* Work to complete *
Repeat the data verbatim, images excluded.

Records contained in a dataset
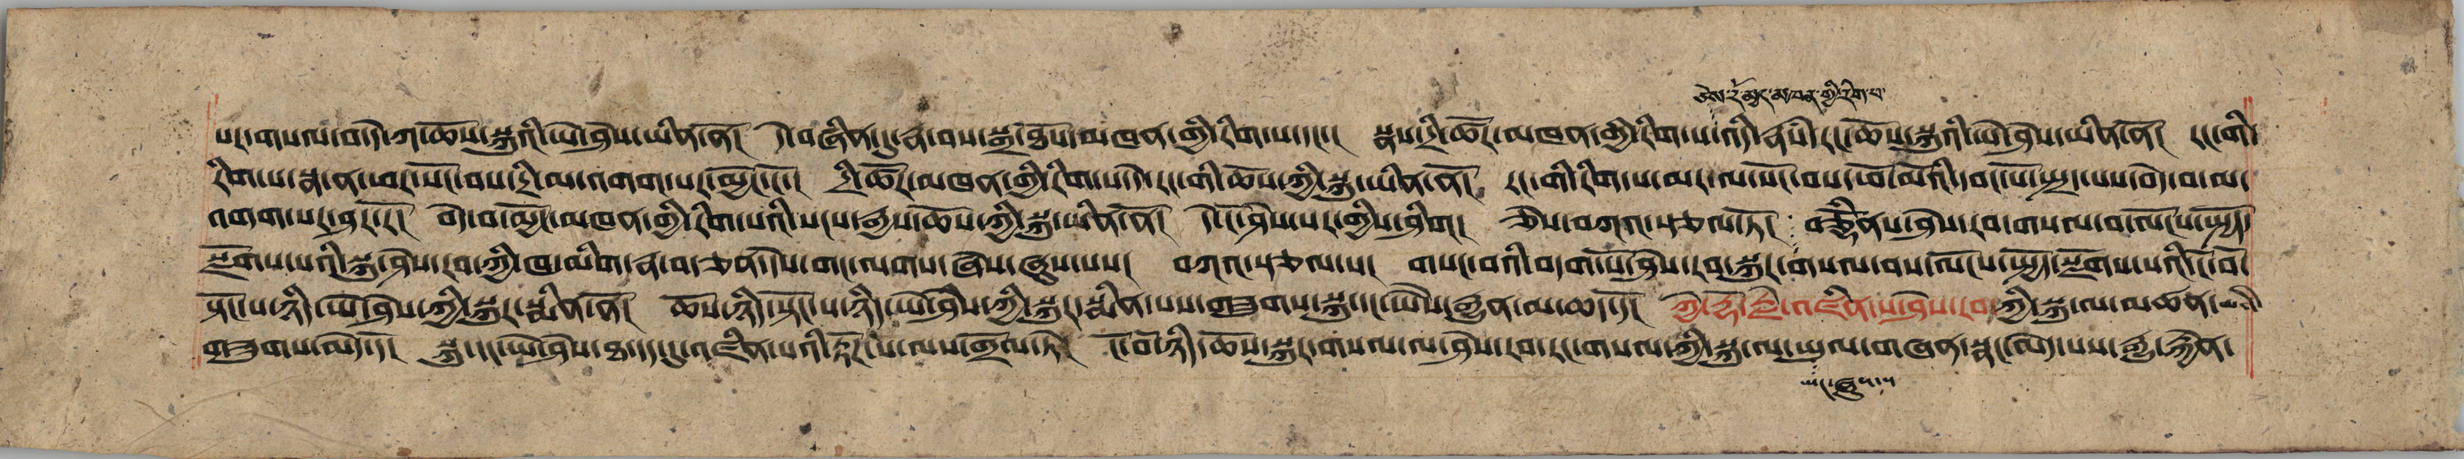པར་གསལ་བ་དེ་ཀ་ཆོས་སྐུའི་ཡེ་ཤེས་ཡིན་ནོ། དེ་བཞིན་དུ་རྣ་བས་སྒྲ་ཐོས་མཁན་གྱི་རིག་པ་དང་། སྣས་དྲི་ཚོར་མཁན་གྱི་རིག་པ་འདི་རྣཾས་རང་ཆོས་སྐུའི་ཡེ་ཤེས་ཡིན་ནོ། རང་གི་
རིག་པ་སྣ་ན་ཕར་སོང་བས་དྲི་མ་འགག་པར་མྱོང་ངོ་། དྲི་ཚོར་མཁན་གྱི་རིག་པ་དེ་རང་གི་ཆོས་ཀྱི་སྐུ་ཡིན་ནོ། རང་གི་རིག་པ་མར་ལ་སོང་བས་ཕོ་མོའི་དབང་པོ་སྤྲད་པས་བདེ་བ་ལ་
འགག་པར་ཤར་རོ། བདེ་བ་མྱོང་མཁན་གྱི་རིག་པའི་སངས་རྒྱས་ཀྱི་སྐུ་ཡིན་ནོ། དེ་ངོ་ཤེས་པར་གྱིས་ཤིག། ཅེས་བཀའ་སྩལ་ཏོ། བཅྡོཾནས་ཤེས་རབ་གསལ་བ་ལོངས་སྤྱོད་
སྫོགས་པའི་སྐུ་ཤེས་རབ་ཀྱྱི་ཁ་མིག་རྣ་བ་ཅན་དེས་གང་ལགས་ཞེས་ཞུས་པས། བཀའ་སྩལ་པ། གསང་བའི་བདག་པོ་ཤེས་རབ་སྐུར་གསལ་བས་ལོངས་སྤྱོད་སྫོགས་པའི་ངོ་བོ་
སྟོང་པ་ཉིད་ཡེ་ཤེས་ཀྱི་སྐུར་སྨིན་ནོ། ཆོས་ཉིད་སྟོང་པ་ཉིད་ཡེ་ཤེས་ཀྱི་སྐུར་སྨིན་པས་གཟུགས་སྐུ་དང་ཡཻས་རྒྱུན་མ་ཆད་དོ། ཀྱེ་རྡོ་རྗེ་འཛིན་པ་ཤེས་རབ་ཀྱི་སྐུ་ལ་མཚོན་མའི་
གཟུགས་མེད་དོ། སྐུ་དང་ཡེ་ཤེས་ཐ་དད་དུ་འཛིན་པའི་རྟོཌ་པ་ལས་གྲོལ་ཏེ། ངོ་བོ་ཉིད་ཆོས་སྐུར་གསལ་ལ་ཤེས་རབ་རང་གསལ་གྱི་སྐུ་ལ་ཡུལ་གཞན་སྣང་མེད་པས་རྒྱུ་རྐྱེན་
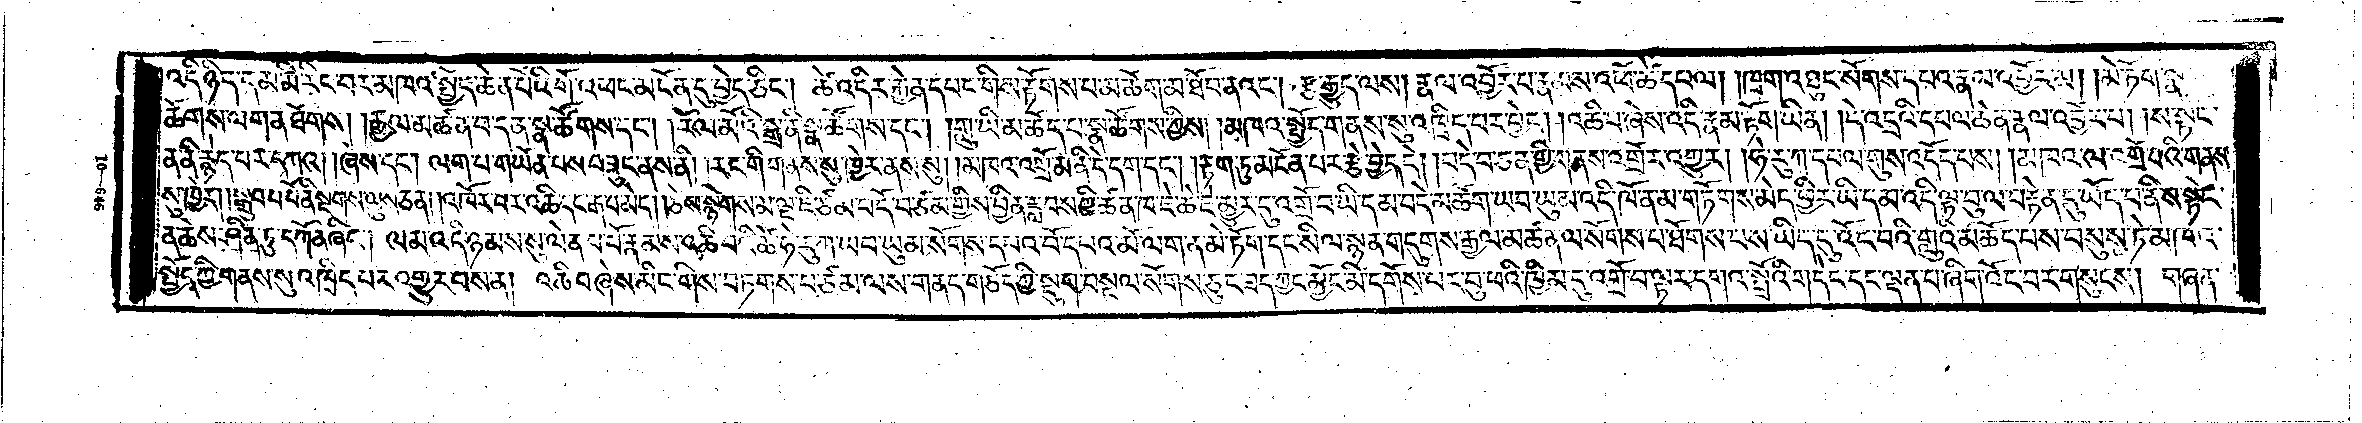འདི་ཉིད་དམ་མི་རིང་བར་མཁའ་སྤྱོད་ཆེན་པོའི་གོ་འཕང་མངོན་དུ་བྱེད་ཅིང་། ཚེ་འདིར་རྐྱེན་དབང་གིས་རྟོགས་པ་མཆོག་མ་ཐོབ་ནའང་། རྩ་རྒྱུད་ལས། རྣལ་འབྱོར་བ་རྣམས་འཕོ་ཚེ་དཔལ། །ཁྲག་འཐུང་སོགས་དཔའ་རྣལ་འབྱོར་མ། །མེ་ཏོག་སྣ་
ཚོགས་ལག་ན་ཐོགས། །རྒྱལ་མཚན་བདན་སྣ་ཚོགས་དང་། །རོལ་མོའི་སྒྲ་ནི་སྣ་ཚོགས་དང་། །གླུ་ཡི་མཆོད་པ་སྣ་ཚོགས་ཀྱིས། །མཁའ་སྤྱོད་གནས་སུ་འཁྲིད་པར་བྱེད། །འཆི་བ་ཞེས་འདི་རྣམ་རྟོག་ཡིན། །དེ་འདྲའི་དཔལ་ཆེན་རྣལ་འབྱོར་བ། །ས་སྟེང་
ན་ནི་རྙེད་པར་དཀའ། །ཞེས་དང་། ལག་པ་གཡོན་པས་བཟུང་ནས་ནི། །རང་གི་གནས་སུ་ཁྱེར་ནས་སུ། །ཁའ་འགྲོ་མ་ནི་དེ་དག་དང་། །རྟག་ཏུ་མངོན་པར་རྩེ་བྱེད་དེ། །བདེ་བ་ཅན་གྱི་གནས་འགྲོར་འགྱུར། །ཧེ་རུ་ཀ་དཔལ་གུས་འདོད་པས། །མཁའ་ལ་འགྲོ་བའི་གནས་
སུ་ཁྱེར། །སྒྲུབ་པ་པོ་ནི་སྔགས་ལུས་ཅན། །འཁོར་བར་འཆི་དང་རྒ་བ་མེད། །ཅེས་སྙིགས་མ་ལྔ་ཇི་ཙམ་བདོ་བ་ཙམ་གྱིས་བྱིན་རླབས་ཀྱི་ཚ་ན་ཁ་ཇེ་ཆེ་ཇེ་མྱུར་དུ་འགྲོ་བ་ཡི་དམ་བདེ་མཆོག་ཡབ་ཡུམ་འདི་ཁོ་ན་མ་གཏོགས་མེད་ཕྱིར་ཡི་དམ་འདི་ལྟ་བུ་ལ་བརྟེན་དུ་ཡོད་པ་ནི་ས་སྟེང་
ན་ཆེས་ཤིན་ཏུ་དཀོན་ཞིང་། ལམ་འདི་ཉམས་སུ་ལེན་པ་པོ་རྣམས་འཆི་བའི་ཚེ་ཧེ་རུ་ཀ་ཡབ་ཡུམ་སོགས་དཔའ་བོད་པའ་མོ་ལག་ན་མེ་ཏོག་དང་སིལ་སྙན་གདུགས་རྒྱལ་མཚན་ལ་སོགས་པ་ཐོགས་པས་ཡིད་དུ་འོང་བའི་གླུའི་མཆོད་པས་བསུས་ཏེ་མཁའ་
སྤྱོད་ཀྱི་གནས་སུ་འཁྲིད་པར་འགྱུར་བས་ན། འཆི་བ་ཞེས་མིང་གིས་བཏགས་པ་ཙམ་ལས་གནད་གཅོད་ཀྱི་སྡུག་བསྔལ་སོགས་ཅུང་ཟད་ཀྱང་མྱོང་མི་དགོས་པར་བུ་ཕའི་ཁྱིམ་དུ་འགྲོ་བ་ལྟར་དགའ་སྤྲོའི་གདེང་དང་ལྡན་པ་ཞིག་འོང་བར་གསུངས། གཞན་

* Response for this exercise *
པར་གསལ་བ་དེ་ཀ་ཆོས་སྐུའི་ཡེ་ཤེས་ཡིན་ནོ། དེ་བཞིན་དུ་རྣ་བས་སྒྲ་ཐོས་མཁན་གྱི་རིག་པ་དང་། སྣས་དྲི་ཚོར་མཁན་གྱི་རིག་པ་འདི་རྣཾས་རང་ཆོས་སྐུའི་ཡེ་ཤེས་ཡིན་ནོ། རང་གི་
རིག་པ་སྣ་ན་ཕར་སོང་བས་དྲི་མ་འགག་པར་མྱོང་ངོ་། དྲི་ཚོར་མཁན་གྱི་རིག་པ་དེ་རང་གི་ཆོས་ཀྱི་སྐུ་ཡིན་ནོ། རང་གི་རིག་པ་མར་ལ་སོང་བས་ཕོ་མོའི་དབང་པོ་སྤྲད་པས་བདེ་བ་ལ་
འགག་པར་ཤར་རོ། བདེ་བ་མྱོང་མཁན་གྱི་རིག་པའི་སངས་རྒྱས་ཀྱི་སྐུ་ཡིན་ནོ། དེ་ངོ་ཤེས་པར་གྱིས་ཤིག། ཅེས་བཀའ་སྩལ་ཏོ། བཅྡོཾནས་ཤེས་རབ་གསལ་བ་ལོངས་སྤྱོད་
སྫོགས་པའི་སྐུ་ཤེས་རབ་ཀྱྱི་ཁ་མིག་རྣ་བ་ཅན་དེས་གང་ལགས་ཞེས་ཞུས་པས། བཀའ་སྩལ་པ། གསང་བའི་བདག་པོ་ཤེས་རབ་སྐུར་གསལ་བས་ལོངས་སྤྱོད་སྫོགས་པའི་ངོ་བོ་
སྟོང་པ་ཉིད་ཡེ་ཤེས་ཀྱི་སྐུར་སྨིན་ནོ། ཆོས་ཉིད་སྟོང་པ་ཉིད་ཡེ་ཤེས་ཀྱི་སྐུར་སྨིན་པས་གཟུགས་སྐུ་དང་ཡཻས་རྒྱུན་མ་ཆད་དོ། ཀྱེ་རྡོ་རྗེ་འཛིན་པ་ཤེས་རབ་ཀྱི་སྐུ་ལ་མཚོན་མའི་
གཟུགས་མེད་དོ། སྐུ་དང་ཡེ་ཤེས་ཐ་དད་དུ་འཛིན་པའི་རྟོཌ་པ་ལས་གྲོལ་ཏེ། ངོ་བོ་ཉིད་ཆོས་སྐུར་གསལ་ལ་ཤེས་རབ་རང་གསལ་གྱི་སྐུ་ལ་ཡུལ་གཞན་སྣང་མེད་པས་རྒྱུ་རྐྱེན་
འདི་ཉིད་དམ་མི་རིང་བར་མཁའ་སྤྱོད་ཆེན་པོའི་གོ་འཕང་མངོན་དུ་བྱེད་ཅིང་། ཚེ་འདིར་རྐྱེན་དབང་གིས་རྟོགས་པ་མཆོག་མ་ཐོབ་ནའང་། རྩ་རྒྱུད་ལས། རྣལ་འབྱོར་བ་རྣམས་འཕོ་ཚེ་དཔལ། །ཁྲག་འཐུང་སོགས་དཔའ་རྣལ་འབྱོར་མ། །མེ་ཏོག་སྣ་
ཚོགས་ལག་ན་ཐོགས། །རྒྱལ་མཚན་བདན་སྣ་ཚོགས་དང་། །རོལ་མོའི་སྒྲ་ནི་སྣ་ཚོགས་དང་། །གླུ་ཡི་མཆོད་པ་སྣ་ཚོགས་ཀྱིས། །མཁའ་སྤྱོད་གནས་སུ་འཁྲིད་པར་བྱེད། །འཆི་བ་ཞེས་འདི་རྣམ་རྟོག་ཡིན། །དེ་འདྲའི་དཔལ་ཆེན་རྣལ་འབྱོར་བ། །ས་སྟེང་
ན་ནི་རྙེད་པར་དཀའ། །ཞེས་དང་། ལག་པ་གཡོན་པས་བཟུང་ནས་ནི། །རང་གི་གནས་སུ་ཁྱེར་ནས་སུ། །ཁའ་འགྲོ་མ་ནི་དེ་དག་དང་། །རྟག་ཏུ་མངོན་པར་རྩེ་བྱེད་དེ། །བདེ་བ་ཅན་གྱི་གནས་འགྲོར་འགྱུར། །ཧེ་རུ་ཀ་དཔལ་གུས་འདོད་པས། །མཁའ་ལ་འགྲོ་བའི་གནས་
སུ་ཁྱེར། །སྒྲུབ་པ་པོ་ནི་སྔགས་ལུས་ཅན། །འཁོར་བར་འཆི་དང་རྒ་བ་མེད། །ཅེས་སྙིགས་མ་ལྔ་ཇི་ཙམ་བདོ་བ་ཙམ་གྱིས་བྱིན་རླབས་ཀྱི་ཚ་ན་ཁ་ཇེ་ཆེ་ཇེ་མྱུར་དུ་འགྲོ་བ་ཡི་དམ་བདེ་མཆོག་ཡབ་ཡུམ་འདི་ཁོ་ན་མ་གཏོགས་མེད་ཕྱིར་ཡི་དམ་འདི་ལྟ་བུ་ལ་བརྟེན་དུ་ཡོད་པ་ནི་ས་སྟེང་
ན་ཆེས་ཤིན་ཏུ་དཀོན་ཞིང་། ལམ་འདི་ཉམས་སུ་ལེན་པ་པོ་རྣམས་འཆི་བའི་ཚེ་ཧེ་རུ་ཀ་ཡབ་ཡུམ་སོགས་དཔའ་བོད་པའ་མོ་ལག་ན་མེ་ཏོག་དང་སིལ་སྙན་གདུགས་རྒྱལ་མཚན་ལ་སོགས་པ་ཐོགས་པས་ཡིད་དུ་འོང་བའི་གླུའི་མཆོད་པས་བསུས་ཏེ་མཁའ་
སྤྱོད་ཀྱི་གནས་སུ་འཁྲིད་པར་འགྱུར་བས་ན། འཆི་བ་ཞེས་མིང་གིས་བཏགས་པ་ཙམ་ལས་གནད་གཅོད་ཀྱི་སྡུག་བསྔལ་སོགས་ཅུང་ཟད་ཀྱང་མྱོང་མི་དགོས་པར་བུ་ཕའི་ཁྱིམ་དུ་འགྲོ་བ་ལྟར་དགའ་སྤྲོའི་གདེང་དང་ལྡན་པ་ཞིག་འོང་བར་གསུངས། གཞན་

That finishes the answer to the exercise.